Do We Control Our Data?

Data management is a must as we move up the stack. Data management includes data locality, integrity, confidentiality, availability, and protection. In other words, the old concepts of data security, protection, and classification still apply. However, with the advent of virtualization, our data sources changed. As we moved into the cloud, they changed once more. Now that we are entering into the realm of distributed systems, data is once more changing, not just in location, but in velocity and quantity. Data is literally changing our lives. Whether or not that is overall for the better is a discussion for another time. With all these changes, do we control our data? Is the data we place somewhere within our control at any time? Can we gain back control if it is perceived to be lost?

The crux of digital transformation is not the realization that we need to use containers, but the realization that we have data everywhere and no idea how to control it. That control requires us to change fundamental viewpoints, processes, and procedures. It requires us to change our mindset.
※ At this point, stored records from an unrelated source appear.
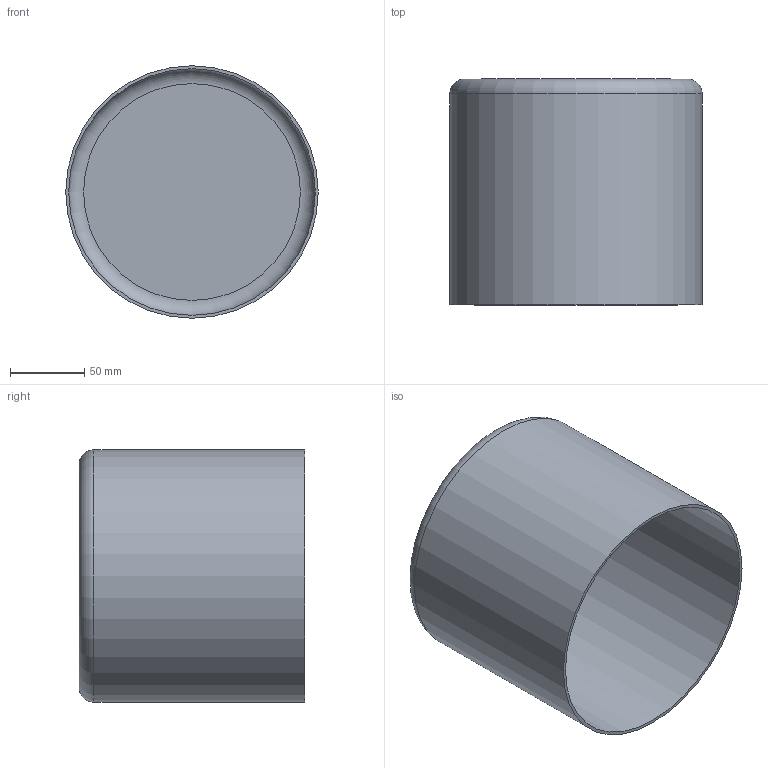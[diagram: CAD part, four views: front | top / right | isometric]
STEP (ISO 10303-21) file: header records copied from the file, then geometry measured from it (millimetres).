
FILE_DESCRIPTION((''),'2;1');
FILE_NAME('HPP_80-160.stp','2014-06-05T15:16:43',(''),(''),'Autodesk Inventor 2013','Autodesk Inventor 2013','');
FILE_SCHEMA(('AUTOMOTIVE_DESIGN { 1 2 10303 214 0 1 1 1 }'));
Length unit declared in the file: millimetre
Products named in the file (1): HPP_80-160
Bounding box: 170 x 152 x 170 mm (x, y, z)
Volume: 203462.6 mm3; surface area: 200180.9 mm2
Topology: 1 solids, 1 shells, 7 faces, 10 edges, 6 vertices
Faces by surface type: plane 3, torus 2, cylinder 2
Full cylindrical faces by diameter (mm): 166 x1, 170 x1
Entity records: 174 total; most frequent: DIRECTION 28, CARTESIAN_POINT 20, AXIS2_PLACEMENT_3D 14, ORIENTED_EDGE 12, EDGE_LOOP 12, STYLED_ITEM 8, FACE_OUTER_BOUND 7, ADVANCED_FACE 7
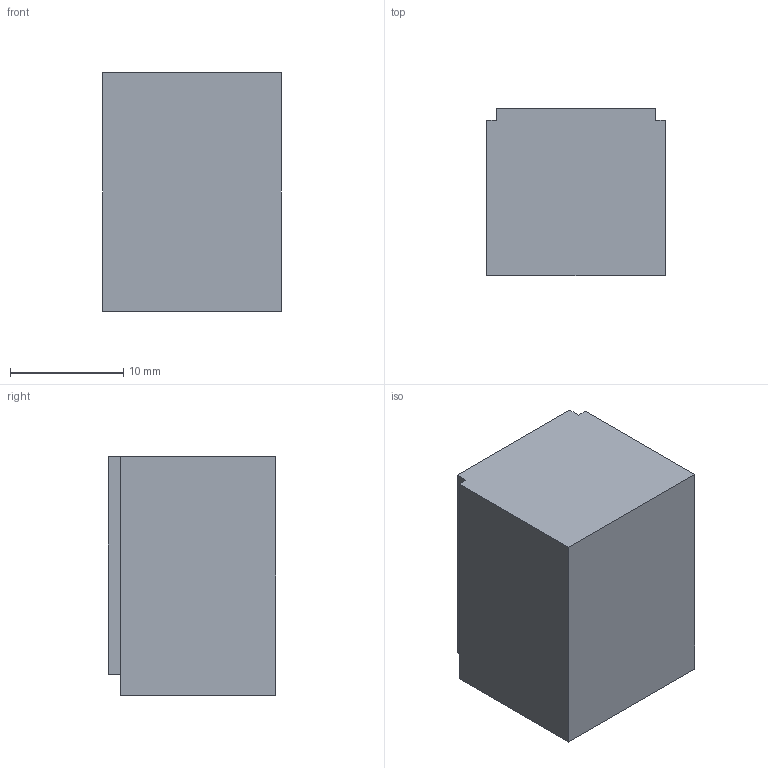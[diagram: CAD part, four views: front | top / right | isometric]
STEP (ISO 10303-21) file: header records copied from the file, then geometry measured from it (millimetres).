
FILE_DESCRIPTION (( 'STEP AP214' ), '1' );
FILE_NAME ('ethernet.step', '2018-12-31T16:56:43', ( '' ), ( '' ), 'SwSTEP 2.0', 'SolidWorks 2018', '' );
FILE_SCHEMA (( 'AUTOMOTIVE_DESIGN' ));
Length unit declared in the file: millimetre
Products named in the file (1): ethernet
Bounding box: 15.8 x 14.82 x 21.08 mm (x, y, z)
Volume: 3473.8 mm3; surface area: 2397.9 mm2
Topology: 1 solids, 1 shells, 78 faces, 224 edges, 148 vertices
Faces by surface type: plane 70, cylinder 8
Entity records: 2546 total; most frequent: CARTESIAN_POINT 451, ORIENTED_EDGE 448, DIRECTION 398, EDGE_CURVE 224, LINE 208, VECTOR 208, VERTEX_POINT 148, AXIS2_PLACEMENT_3D 95
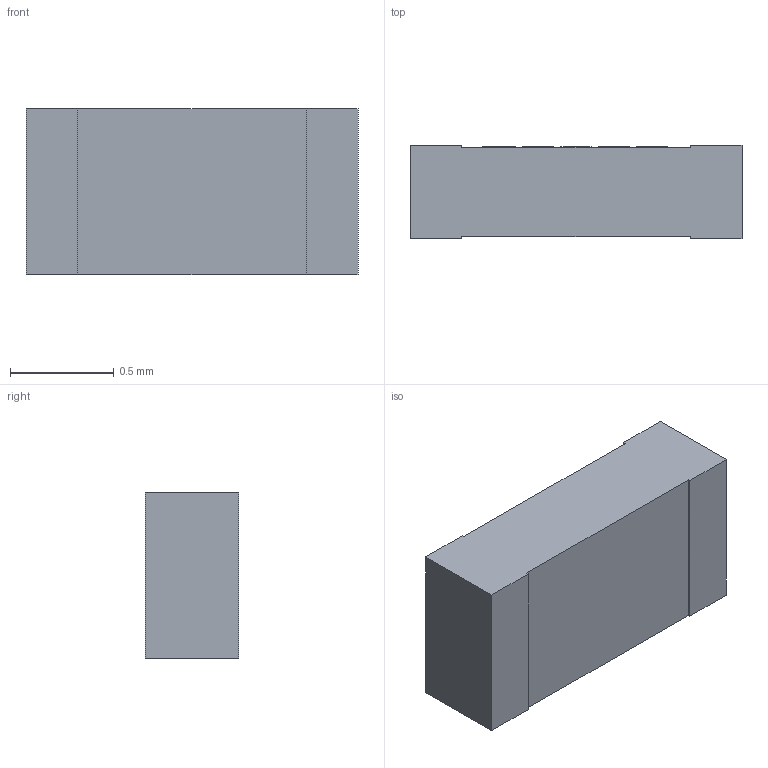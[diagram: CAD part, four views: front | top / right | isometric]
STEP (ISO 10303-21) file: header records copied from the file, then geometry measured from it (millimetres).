
FILE_DESCRIPTION((''),'2;1');
FILE_NAME('RSMD-0603_L1-6_W0-8_H0-45','2020-05-30T',('Dragos'),(''),'PRO/ENGINEER BY PARAMETRIC TECHNOLOGY CORPORATION, 2004440','PRO/ENGINEER BY PARAMETRIC TECHNOLOGY CORPORATION, 2004440','');
FILE_SCHEMA(('AUTOMOTIVE_DESIGN { 1 0 10303 214 1 1 1 1 }'));
Length unit declared in the file: millimetre
Products named in the file (1): RSMD-0603_L1-6_W0-8_H0-45
Bounding box: 1.6 x 0.45 x 0.8 mm (x, y, z)
Volume: 0.6 mm3; surface area: 4.7 mm2
Topology: 1 solids, 1 shells, 254 faces, 729 edges, 486 vertices
Faces by surface type: plane 254
Entity records: 10620 total; most frequent: CARTESIAN_POINT 1471, ORIENTED_EDGE 1458, DIRECTION 1239, PRESENTATION_STYLE_ASSIGNMENT 751, STYLED_ITEM 731, CURVE_STYLE 730, VECTOR 729, LINE 729

One fundamental change is the acceptance that at some point in time, data will be outside our control. How we apply our tools to gain back some semblance of control is crucial. The mind shift has to happen due to where we started. Figure 1 is a typical data center approach even if virtualization or private cloud exists. In most cases, the client device is outside the enterprise’s control, such as those used by customers and many used by employees (but not all).

Traditional Data Protection — Figure 1: Traditional Data Control

In the traditional data control approach, each step of the path of your data from the client device to the data storage location (database) has its own particular flavor of security, control, governance, and risk assessment. The list of tools for these approaches is a mile long. Data is basically either in flight or at rest. Sometimes, data in flight is decrypted and then reencrypted after some set of actions takes place (such as deep packet inspection). Regardless of what happens in the data path, the data is manipulated. Each element of the path has an associated risk. However, as illustrated in Figure 1, every aspect of the path is within your control, or the control of your IT team. In many cases, this also includes the client.

When we move to the cloud, we start to lose some control. In fact, we tend to lose a lot of control, as we see in Figure 2. Our area of control shrinks considerably, to, in effect, just the application itself. While the services we require are still around, they are now controlled by the cloud service provider and not by ourselves. This loss of direct control leads to the need for better auditing. The user of the cloud and its services needs to gain back the feeling of control by being able to audit exactly what is happening within those areas they do not control. We do that by hooking into the log stream from the cloud, such as via AWS CloudWatch. We also want to know more about who did what, when, where, and how. This introduces the use of Cloud Aware Security Broker (CASB) appliances and tools. In effect, we layer on more auditing to get a semblance of control. This mindset shift leads to Figure 3.

In Figure 3, we are moving most of our controls into the application space. We utilize the cloud for its tools but in a more simplistic approach—simplistic in thought, but not in reality. We now make decisions about where to place security and control based on what we have access to. For example, we might want the cloud to do DDoS protection but limit the firewall capability to gross level of control: i.e., block all but what we require. This approach simplifies how we use external resources, but not their impact. However, we now introduce micro-segmentation within our application, as well as other In-App controls such as data protection (erasure coding), firewalls, service availability (and caching), and data transformation and protection rules for data going into our databases.
In essence, as we move up the stack, we also need to change how we do security, processes, and procedures to gain back the same level of control. Some applications lend themselves to learning these lessons before all else. Those are systems that already do billions of queries per day. At that scale, you need to move things around your stack just to gain performance. However, those lessons are also applicable to transforming your business and applications.
Do we control our data today? I would say most do not. Yet, they are starting down the path of discovering just how much control they actually do have. Some are approaching this from a legal perspective, others via technology. In either case, to gain back control, you must first change the mindset of how you manage data. Have you?